ABOUT THIS TASK: Check each line of the entries below for the word "height", and copy the lines that have it.

┌────────

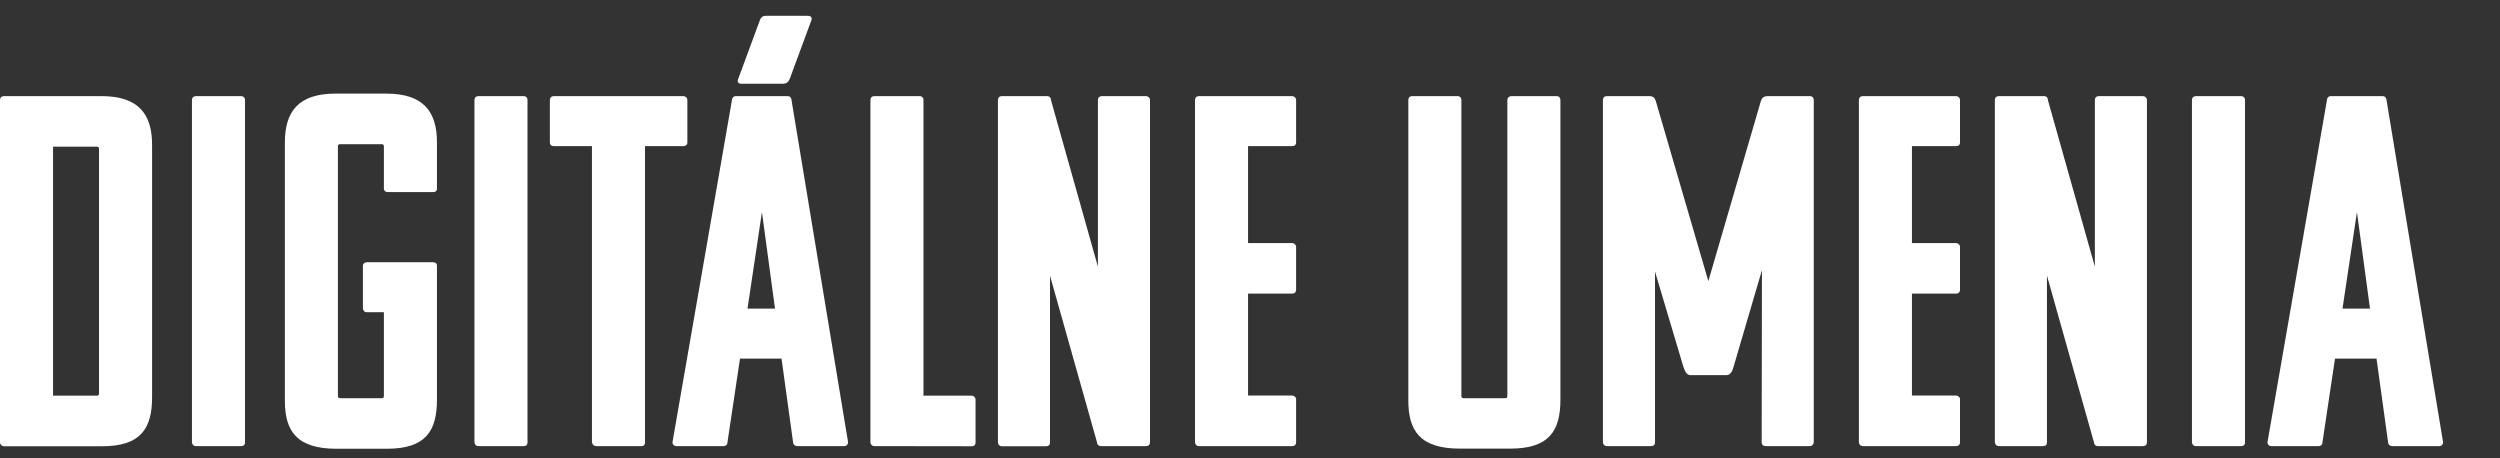 <?xml version="1.0" encoding="utf-8"?>
<!-- Generator: Adobe Illustrator 26.3.1, SVG Export Plug-In . SVG Version: 6.00 Build 0)  -->
<svg version="1.1" id="Layer_1" xmlns="http://www.w3.org/2000/svg" xmlns:xlink="http://www.w3.org/1999/xlink" x="0px" y="0px"
	 viewBox="0 0 1800 330" style="enable-background:new 0 0 1800 330;" xml:space="preserve">
<rect x="0" y="0" width="1800" height="330" fill="#333333" stroke="none"/>
<style type="text/css">
	.st0{fill:#FFFFFF;}
	.st1{fill:none;}
</style>
<g>
	<path class="st0" d="M0,318.4V72.1c0-1.8,1.1-2.9,2.9-2.9h70.2c26.6,0,36.4,13,36.4,34.9V286c0,22.3-7.9,35.3-36,35.3H2.9
		C0.7,321.2,0,319.5,0,318.4z M38.2,105.6v179.3h31.3c1.4,0,1.8-0.4,1.8-1.8V107.4c0-1.4-0.4-1.8-1.8-1.8H38.2z"/>
	<path class="st0" d="M141.1,321.2c-2.2,0-2.9-1.8-2.9-2.9V72.1c0-1.8,1.1-2.9,2.9-2.9h32.4c1.8,0,2.9,1.1,2.9,2.9v246.2
		c0,2.2-1.1,2.9-2.9,2.9L141.1,321.2L141.1,321.2z"/>
	<path class="st0" d="M314.6,191.3v96.5c0,22.3-7.9,35.3-36,35.3h-36.4c-28.8,0-37.1-13-37.1-34.6V102.7c0-22.3,9.7-35.3,36.4-35.3
		h36.7c26.6,0,36.4,13,36.4,34.9v33.5c0,1.8-1.1,2.5-2.9,2.5h-32.4c-1.4,0-2.9-0.7-2.9-2.5v-30.2c0-1.4-0.4-1.8-1.8-1.8h-29.5
		c-1.4,0-1.8,0.4-1.8,1.8v179.3c0,1.4,0.4,1.8,1.8,1.8h29.5c1.4,0,1.8-0.4,1.8-1.8v-60.1h-12.2c-2.2,0-2.9-1.8-2.9-2.9v-30.6
		c0-1.4,1.1-2.5,2.9-2.5h47.5C313.5,188.8,314.6,189.5,314.6,191.3z"/>
	<path class="st0" d="M344.5,321.2c-2.2,0-2.9-1.8-2.9-2.9V72.1c0-1.8,1.1-2.9,2.9-2.9h32.4c1.8,0,2.9,1.1,2.9,2.9v246.2
		c0,2.2-1.1,2.9-2.9,2.9L344.5,321.2L344.5,321.2z"/>
	<path class="st0" d="M464.4,105.2v213.1c0,2.2-1.1,2.9-2.5,2.9h-32.8c-1.8,0-2.9-1.8-2.9-2.9V105.2h-27.4c-2.2,0-2.9-1.4-2.9-2.5
		V72.1c0-1.8,1.1-2.9,2.9-2.9H492c1.4,0,2.9,1.1,2.9,2.9v30.6c0,1.8-1.4,2.5-2.9,2.5H464.4z"/>
	<path class="st0" d="M567,69.2c2.2,0,2.9,1.8,2.9,2.9l40.7,246.2c0,1.8-1.1,2.9-2.9,2.9h-33.8c-1.4,0-2.9-1.1-2.9-2.9l-8.3-60.1
		h-29.9l-9,60.1c0,1.8-1.1,2.9-2.9,2.9h-33.8c-1.8,0-2.9-1.1-2.9-2.9L527,72.1c0-1.1,0.7-2.9,2.9-2.9H567z M568.8,56.3
		c-1.1,2.9-2.5,4-5.4,4h-29.5c-2.5,0-3.2-1.4-2.5-3.2l15.8-42.8c1.1-2.5,2.5-2.9,4.3-2.9h29.9c2.9,0,3.2,1.4,2.9,2.9L568.8,56.3z
		 M538.2,222.2H558l-9.4-69.5L538.2,222.2z"/>
	<path class="st0" d="M629.6,321.2c-2.2,0-2.9-1.8-2.9-2.9V72.1c0-1.8,1.1-2.9,2.9-2.9H662c1.8,0,2.9,1.1,2.9,2.9v212.8h34.6
		c1.8,0,2.9,1.4,2.9,2.9v30.6c0,2.2-1.1,2.9-2.9,2.9L629.6,321.2L629.6,321.2z"/>
	<path class="st0" d="M792.7,321.2c-2.2,0-2.9-1.8-2.9-2.9L756,198.5v119.9c0,2.2-1.1,2.9-2.9,2.9h-31.7c-2.2,0-2.9-1.8-2.9-2.9
		V72.1c0-1.8,1.1-2.9,2.9-2.9h32.4c1.8,0,2.9,1.1,2.9,2.9L790.5,192V72.1c0-1.8,1.1-2.9,2.9-2.9h31.7c1.4,0,2.9,1.1,2.9,2.9v246.2
		c0,2.2-1.4,2.9-2.9,2.9L792.7,321.2L792.7,321.2z"/>
	<path class="st0" d="M863.3,321.2c-2.2,0-2.9-1.8-2.9-2.9V72.1c0-1.8,1.1-2.9,2.9-2.9h67c1.4,0,2.9,1.1,2.9,2.9v30.6
		c0,1.8-1.4,2.5-2.9,2.5h-31.7V175h31.7c1.4,0,2.9,1.1,2.9,2.9v30.6c0,2.2-1.4,2.9-2.9,2.9h-31.7v73.4h31.7c1.4,0,2.9,1.1,2.9,2.5
		v31c0,2.2-1.4,2.9-2.9,2.9L863.3,321.2L863.3,321.2z"/>
	<path class="st0" d="M1054,286.7h29.5c1.4,0,1.8-0.4,1.8-1.8V72.1c0-1.8,1.4-2.9,2.9-2.9h32.8c1.4,0,2.5,1.1,2.5,2.9v215.6
		c0,22.3-7.9,35.3-36,35.3h-36.4c-28.8,0-37.1-13-37.1-34.6V72.1c0-1.8,1.1-2.9,2.9-2.9h32.4c1.8,0,2.9,1.1,2.9,2.9v212.8
		C1052.2,286.3,1052.6,286.7,1054,286.7z"/>
	<path class="st0" d="M1268.6,194.5l-20.5,69.8c-0.7,2.5-1.8,5.4-4.7,5.8h-26.6c-2.9-0.4-3.6-3.2-4.7-5.8l-20.5-68.8v122.8
		c0,2.2-1.1,2.9-2.9,2.9H1157c-2.2,0-2.9-1.8-2.9-2.9V72.1c0-1.8,1.1-2.9,2.9-2.9h30.6c4,0,4.3,2.9,5,5l37.4,128.2l37.4-128.2
		c0.7-2.2,1.1-5,5.4-5h30.2c1.8,0,2.9,1.1,2.9,2.9v246.2c0,1.1-0.7,2.9-2.9,2.9h-31.7c-1.4,0-2.9-0.7-2.9-2.9L1268.6,194.5
		L1268.6,194.5z"/>
	<path class="st0" d="M1341.3,321.2c-2.2,0-2.9-1.8-2.9-2.9V72.1c0-1.8,1.1-2.9,2.9-2.9h67c1.4,0,2.9,1.1,2.9,2.9v30.6
		c0,1.8-1.4,2.5-2.9,2.5h-31.7V175h31.7c1.4,0,2.9,1.1,2.9,2.9v30.6c0,2.2-1.4,2.9-2.9,2.9h-31.7v73.4h31.7c1.4,0,2.9,1.1,2.9,2.5
		v31c0,2.2-1.4,2.9-2.9,2.9L1341.3,321.2L1341.3,321.2z"/>
	<path class="st0" d="M1510.5,321.2c-2.2,0-2.9-1.8-2.9-2.9l-33.8-119.9v119.9c0,2.2-1.1,2.9-2.9,2.9h-31.7c-2.2,0-2.9-1.8-2.9-2.9
		V72.1c0-1.8,1.1-2.9,2.9-2.9h32.4c1.8,0,2.9,1.1,2.9,2.9l33.8,119.9V72.1c0-1.8,1.1-2.9,2.9-2.9h31.7c1.4,0,2.9,1.1,2.9,2.9v246.2
		c0,2.2-1.4,2.9-2.9,2.9L1510.5,321.2L1510.5,321.2z"/>
	<path class="st0" d="M1581.1,321.2c-2.2,0-2.9-1.8-2.9-2.9V72.1c0-1.8,1.1-2.9,2.9-2.9h32.4c1.8,0,2.9,1.1,2.9,2.9v246.2
		c0,2.2-1.1,2.9-2.9,2.9L1581.1,321.2L1581.1,321.2z"/>
	<path class="st0" d="M1715.4,69.2c2.2,0,2.9,1.8,2.9,2.9l40.7,246.2c0,1.8-1.1,2.9-2.9,2.9h-33.8c-1.4,0-2.9-1.1-2.9-2.9l-8.3-60.1
		h-29.9l-9,60.1c0,1.8-1.1,2.9-2.9,2.9h-33.8c-1.8,0-2.9-1.1-2.9-2.9l42.8-246.2c0-1.1,0.7-2.9,2.9-2.9
		C1678.3,69.2,1715.4,69.2,1715.4,69.2z M1686.6,222.2h19.8l-9.4-69.5L1686.6,222.2z"/>
</g>
<rect class="st1" width="1800" height="330"/>
</svg>

└────────

RESPONSE AREA:
<rect x="0" y="0" width="1800" height="330" fill="#333333" stroke="none"/>
<rect class="st1" width="1800" height="330"/>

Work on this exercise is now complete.